Planning

Which papers are discussed at which meeting is listed here. Links to these papers are given under the tab Literature

  • April 26: Introduction to the course.
  • April 28: No Class, to allow you te prepare
  • May 3: papers 1 - 3. The first two papers created the field of frequent pattern mining, the third was among the first - if not the first - that showed that one does not need transactions to do frequent pattern mining.
  • May 5: No class because the university is closed on liberation day
  • May 10: papers 4 and 5. One way to limit the number of patterns you discover is by formulating more exactly what patterns you want to find, i.e., by specifying (extra) constraints.

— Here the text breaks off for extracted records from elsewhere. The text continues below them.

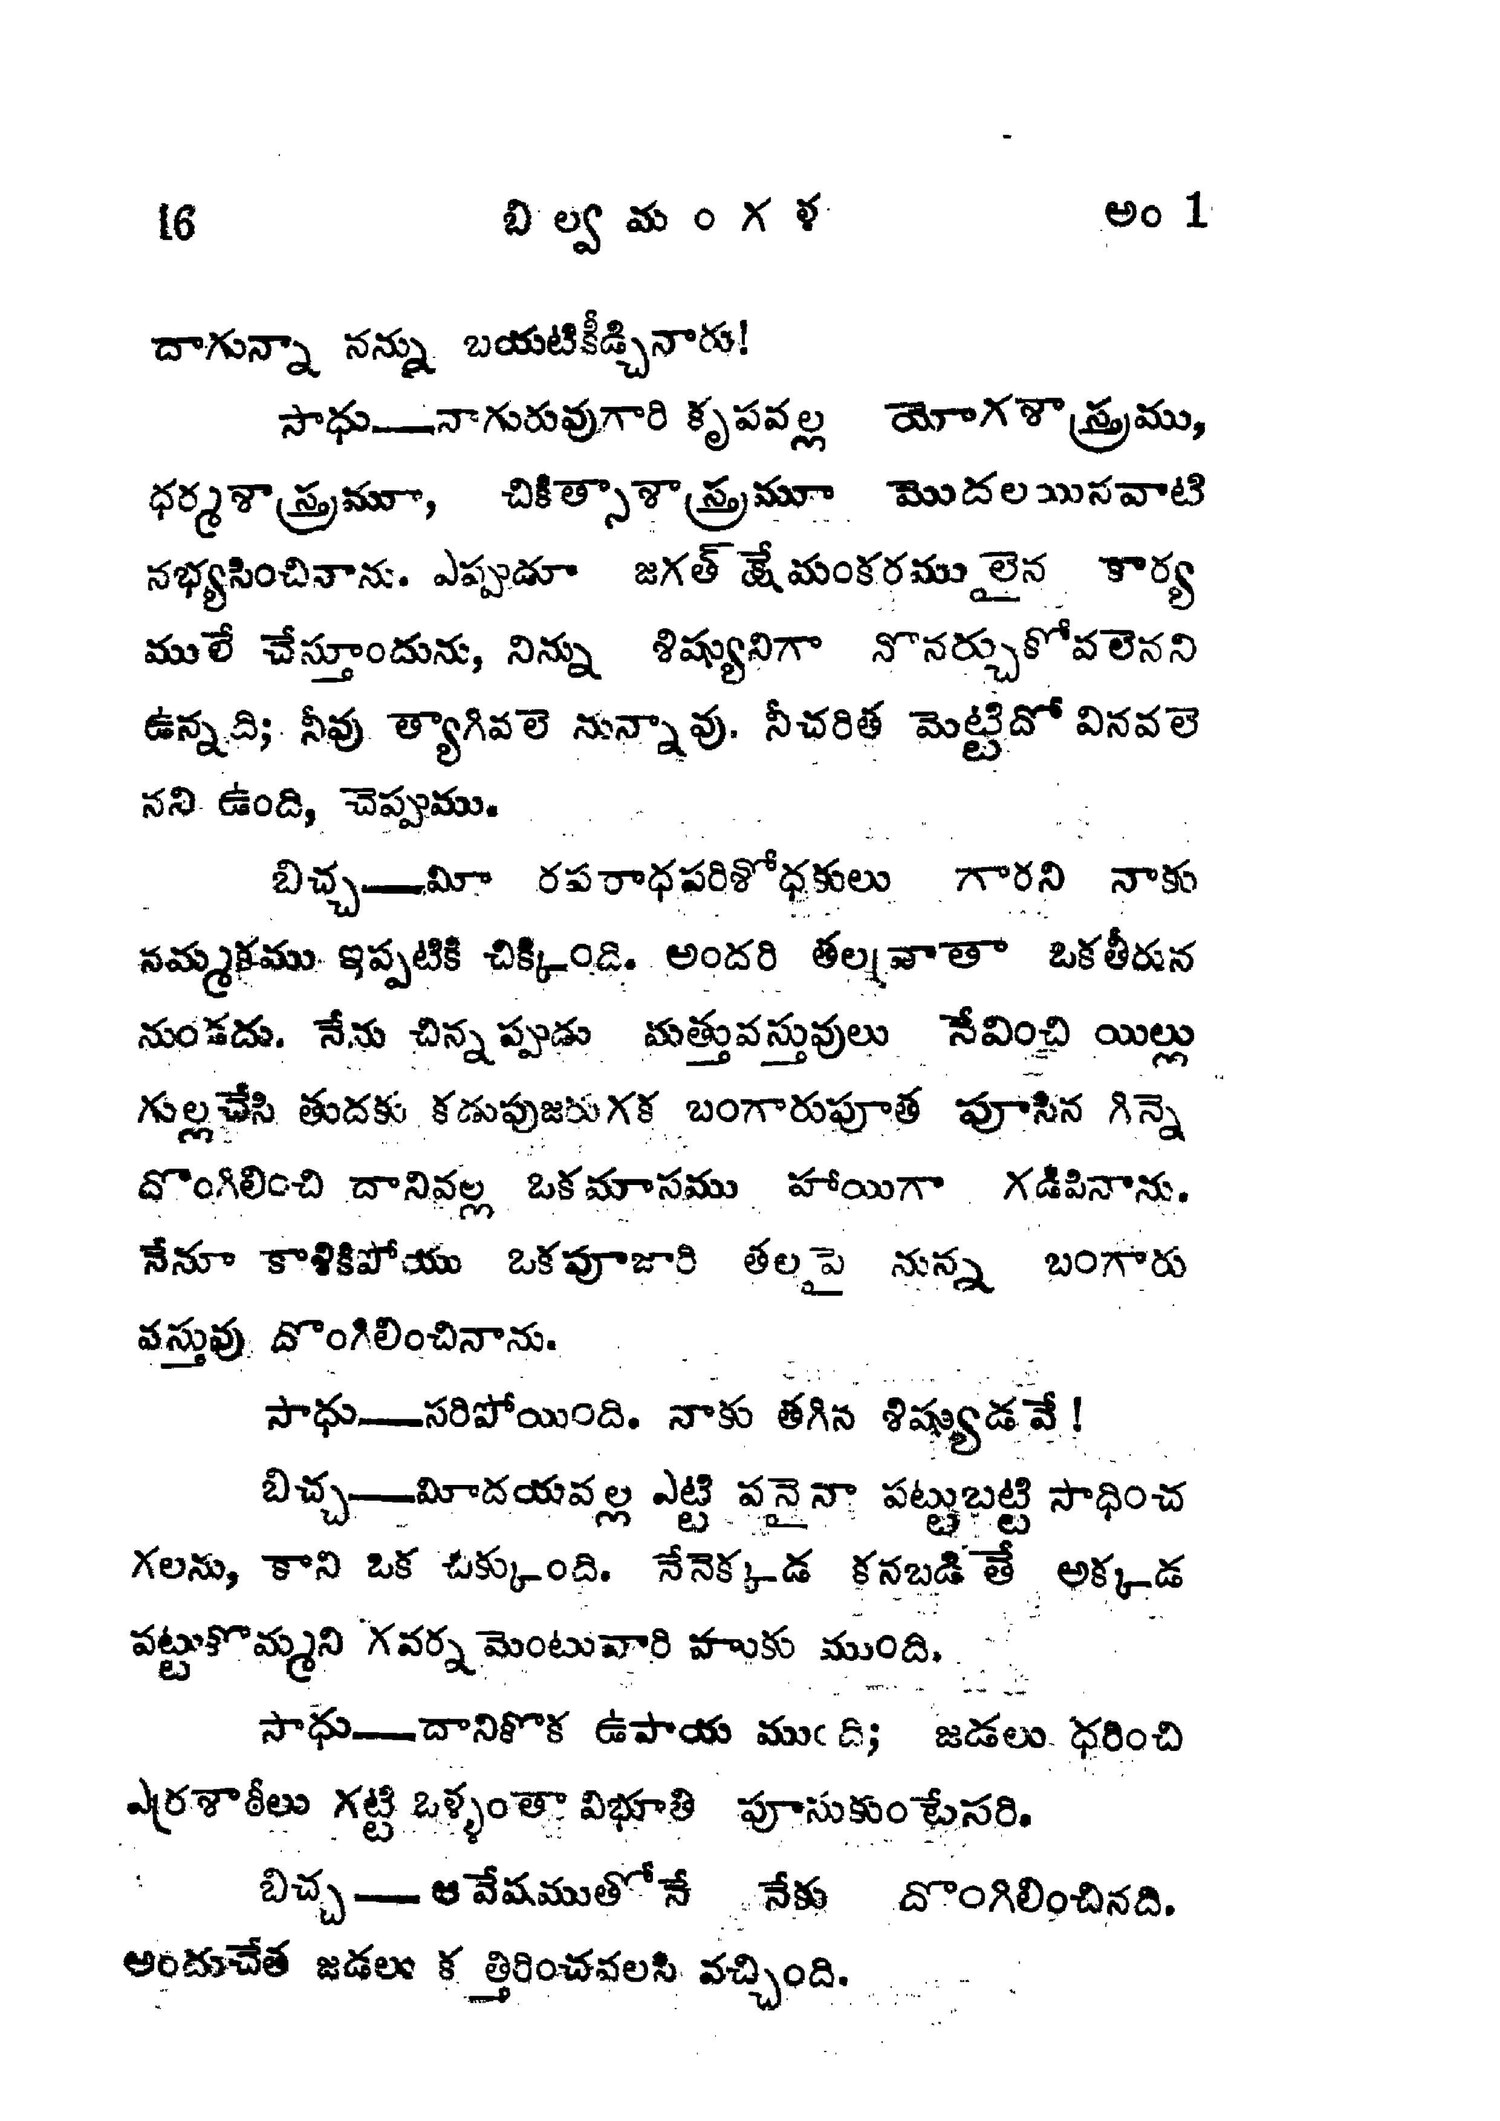దాగున్నా నన్ను బయటికీడ్చినారు!

సాధు - నాగురువుగారి కృపవల్ల యోగశాస్త్రము, ధర్మశాస్త్రమూ, చికిత్సాశాస్త్రమూ మొదలయినవాటి నభ్యసించినాను. ఎప్పుడూ జగత్‌క్షేమంకరములైన కార్యములే చేస్తూందును, నిన్ను శిష్యునిగా నొనర్చుకోవలెనని ఉన్నది; నీవు త్యాగివలె నున్నావు. నీచరిత మెట్టిదో వినవలెనని ఉంది, చెప్పుము.

బిచ్చ - మీ రపరాధపరిశోధకులు గారని నాకు నమ్మకము ఇప్పటికి చిక్కింది. అందరి తలవ్రాతా ఒకతీరున నుండదు. నేను చిన్నప్పుడు మత్తువస్తువులు సేవించి యిల్లు గుల్లచేసి తుదకు కడుపుజరుగక బంగారుపూత పూసిన గిన్నె దొంగిలించి దానివల్ల ఒకమాసము హాయిగా గడిపినాను. నేను కాశికిపోయి ఒకపూజారి తలపై నున్న బంగారు వస్తువు దొంగిలించినాను.

సాధు - సరిపోయింది. నాకు తగిన శిష్యుడవే!

బిచ్చ - మీదయవల్ల ఎట్టి పనైనా పట్టుబట్టి సాధించగలను, కాని ఒక చిక్కుంది. నేనెక్కడ కనబడితే అక్కడ పట్టుకొమ్మని గవర్నమెంటువారి హుకు ముంది.

సాధు - దానికొక ఉపాయ ముంది; జడలు ధరించి ఎర్రశారీలు గట్టి ఒళ్ళంతా విభూతి పూసుకుంటేసరి.

బిచ్చ - ఆవేషముతోనే నేను దొంగిలించినది. అందుచేత జడలు కత్తిరించవలసి వచ్చింది.
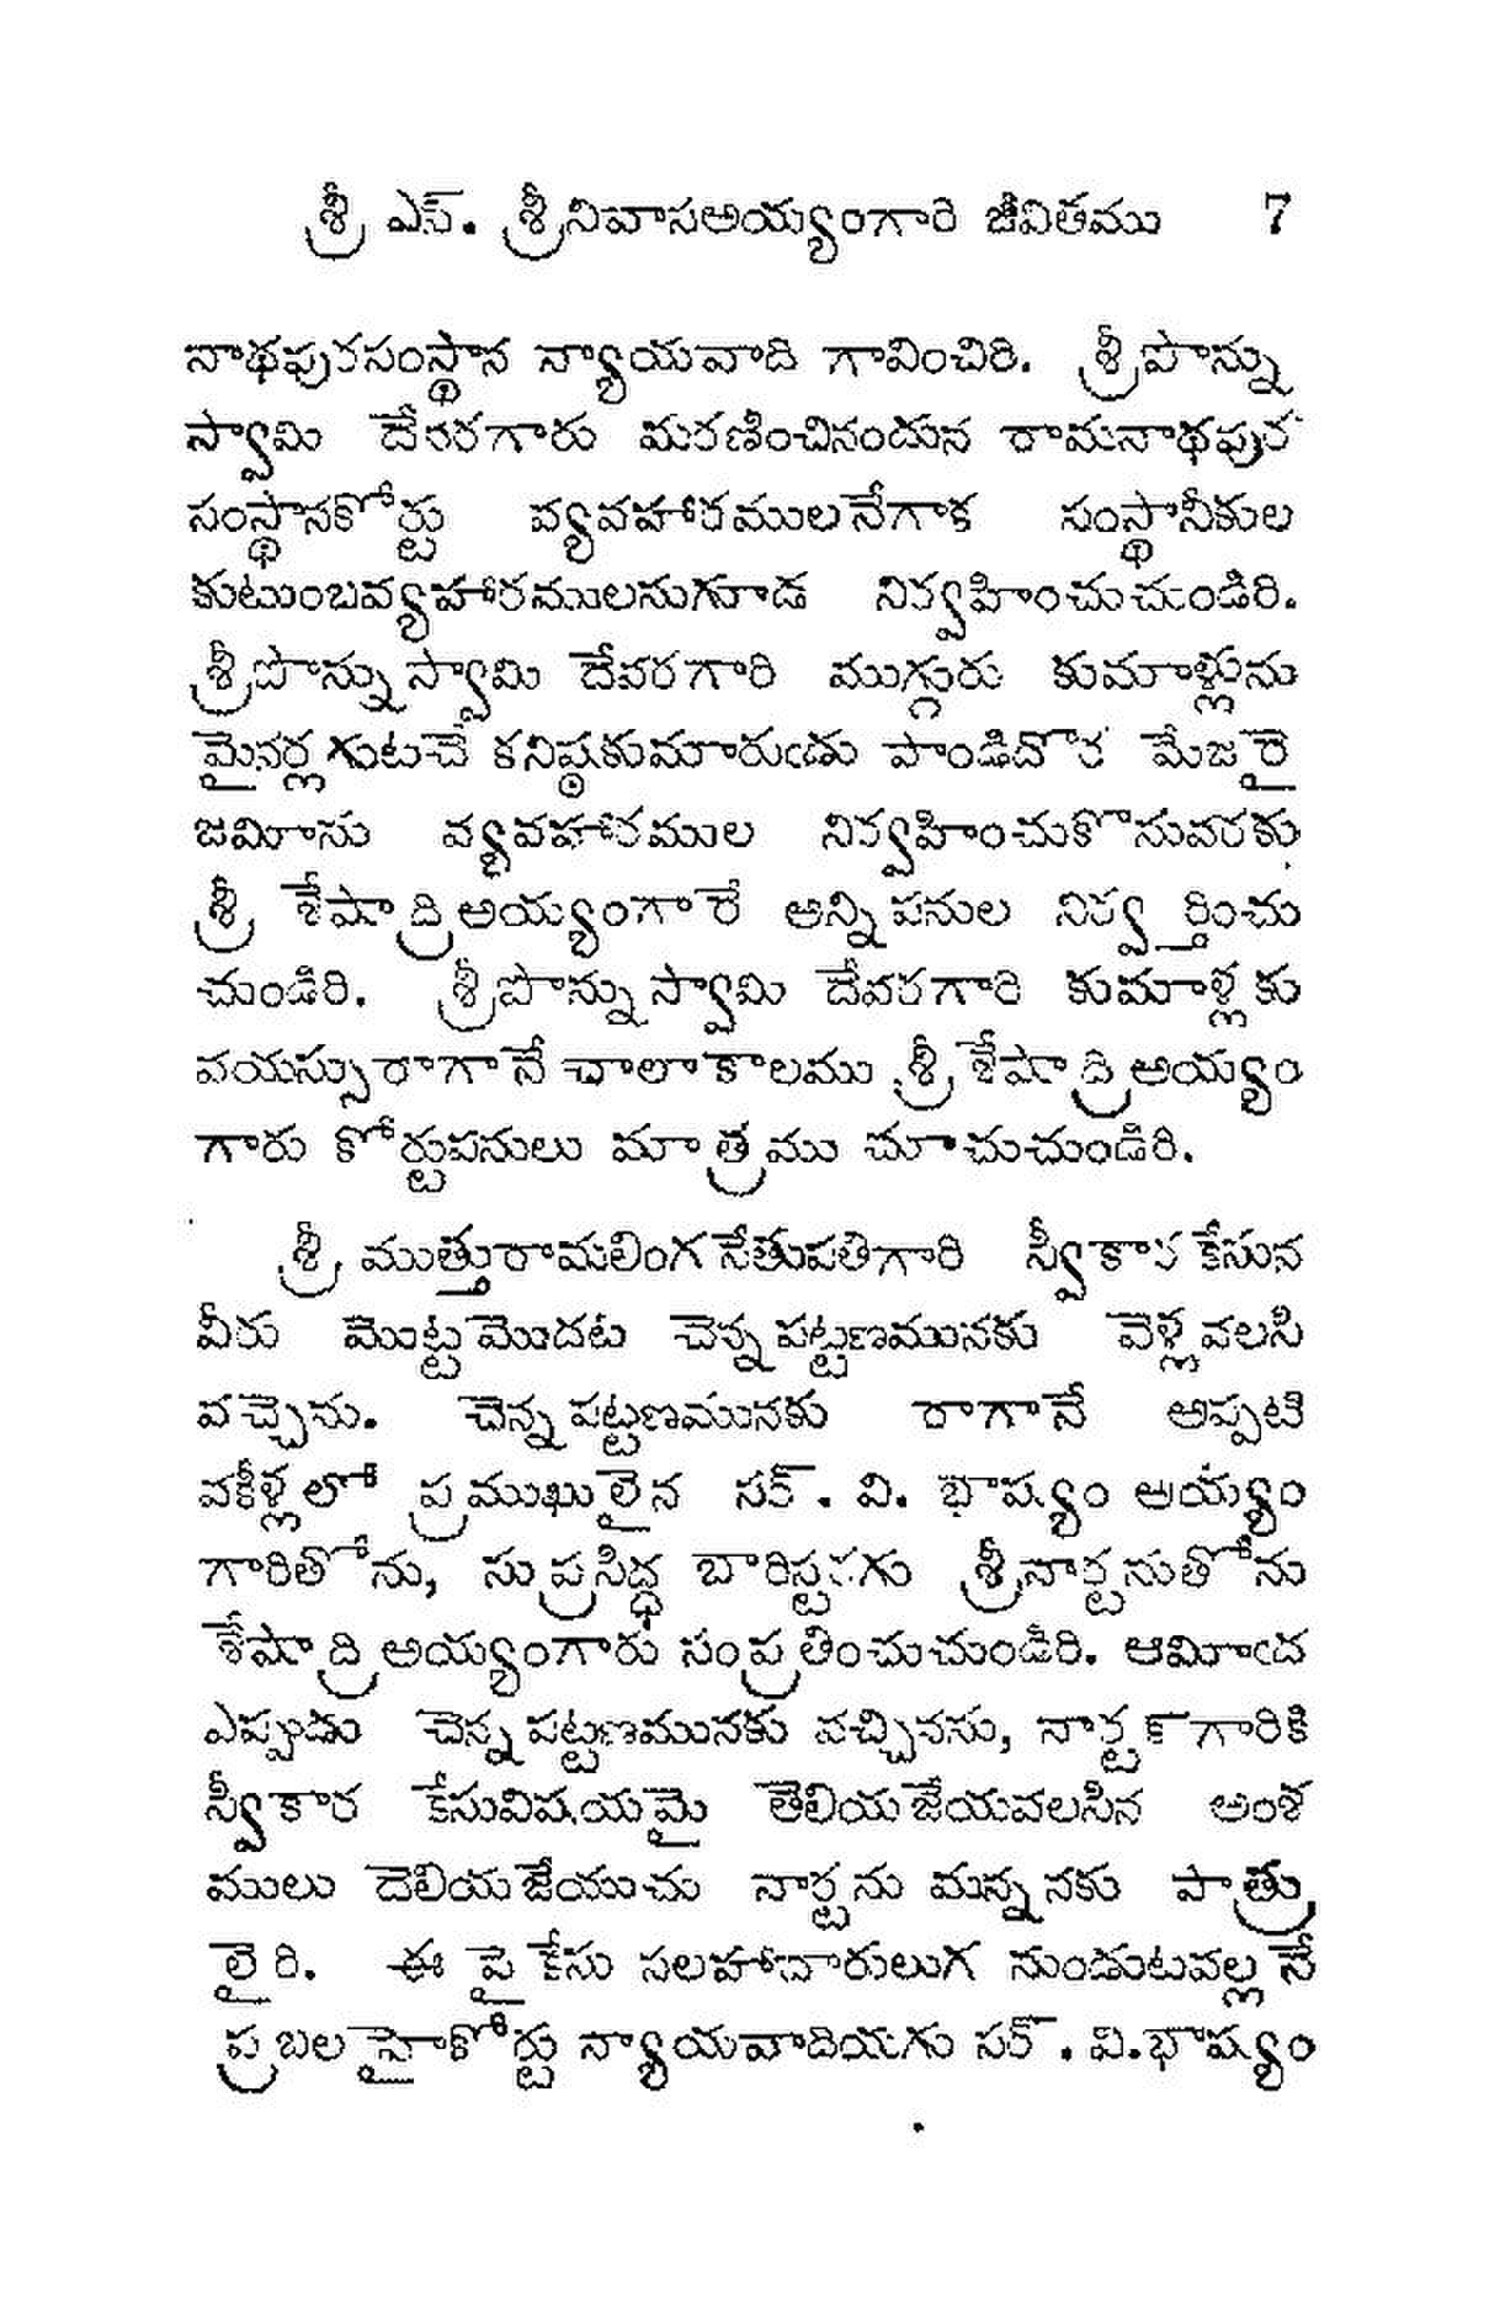నాథపురసంస్థాన న్యాయవాది గావించిరి. శ్రీపొన్నుస్వామి దేవరగారు మరణించినందున రామనాథపుర సంస్థానకోర్టు వ్యవహారములనేగాక సంస్థానీకుల కుటుంబవ్యహారములను గూడ నిర్వహించుచుండిరి. శ్రీపొన్నుస్వామి దేవరగారి ముగ్గురు కుమాళ్లును
మైనర్లగుటచే కనిష్ఠకుమారుఁడు పాండిదొర మేజరై జమీను వ్యవహారముల నిర్వహించుకొనువరకు శ్రీ శేషాద్రిఅయ్యంగారే అన్నిపనుల నిర్వర్తించు చుండిరి. శ్రీపొన్నుస్వామి దేవరగారి కుమాళ్లకు వయస్సురాగానే చాలాకాలము శ్రీశేషాద్రిఅయ్యంగారు కోర్టుపనులు మాత్రము చూచుచుండిరి,

శ్రీ ముత్తురామలింగసేతుపతిగారి స్వీకారకేసున వీరు మొట్టమొదట చెన్నపట్టణమునకు వెళ్లవలసివచ్చెను. చెన్నపట్టణమునకు రాగానే అప్పటి వకీళ్లలో ప్రముఖులైన సర్. వి. భాష్యం అయ్యంగారితోను, సుప్రసిద్ధ బారిస్టరగు శ్రీనార్టనుతోను శేషాద్రిఅయ్యంగారు సంప్రతించుచుండిరి. ఆమీద ఎప్పుడు చెన్నపట్టణమునకు వచ్చినను, నార్ట౯గారికి స్వీకార కేసువిషయమై తెలియ జేయవలసిన అంశములు దెలియజేయుచు నార్టను మున్ననకు పాత్రులైరి. ఈ పైకేసు సలహాదారులుగ నుండుటవల్లనే ప్రబలహైకోర్టు న్యాయవాదియగు సర్. వి. భాష్యం

Clearly it would be best to discover all patterns that satisfy the constraints directly rather than by a filtering step. This is called constraint pushing. The first paper for today introduces FP-Growth an algorithm to find all frequent item sets. The second paper shows how (a certain class of) constraints can be pushed into FP-Growth.
  • May 12: papers 6 and 7. Constraint pushing is one way to avoid filtering, there are alternatives. The first for today gives such an alternative. While the second questions whether pushing constraints is a good idea at all.
  • May 17: No class, because of a PhD defense
  • May 19: paper 8. Constraints are one way to limit the number of interesting patterns, condensed representations are another one. A condensed representation is a subset of all frequent item sets that allows the reconstruction of the complete set of frequent item sets (including their support!) without looking at the data. Today we encounter the first such representation, viz., closed itemsets.
  • May 24: paper 9. Non-derivable itemsets. As condensed as it can be.
  • May 26: no class, the university is closed the day after ascension day
  • May 31: papers 10 - 12. The constraints we saw earlier are a way to define what makes a poattern interesting. Another way of solving the pattern explosion problem is by specifiyng what makes a set of patterns interesting. If you know that, all you have to do is search for the most interesting set of patterns. Today we search for informative collections of item sets.
  • June 2: paper 13. Tiles are another way to define what makes a pattern -- and a set of patterns -- interesting.
  • June 7: papers 14 and 15. Statistics offers different ways to determine whether or not a set of patterns is interesting. Today we look at the first statistical approach, viz., sampling. Note that the second paper uses some advanced concepts, such as MCMC, if you haven't seen that before: try to read past it. It is (in this case) more important to understand what the method achieves than to understand the algorithmic details.
  • June 9: papers 16 and 17. Next to sampling, Statistics offers statistical tests to determine the importance (significance) of results. Todays papers both use tests to find good sets of patterns
  • June 14: papers 18 and 19. The final approach that Statistics offers for pattern set selection is by modelling. Todays (related) papers use Maximal Entropy and Subjective Interestingness to model.
  • June 16: Paper 16. Statistics is one principled way to infer knowledge from data. A more computational way is called Algorithmic Information Theory (AIT). Todays paper shows how the Minimum Description Length Principle (MDL), which is an instantiation of AIT, can be used to discover interesting sets of patterns by introducing the Krimp algorithm.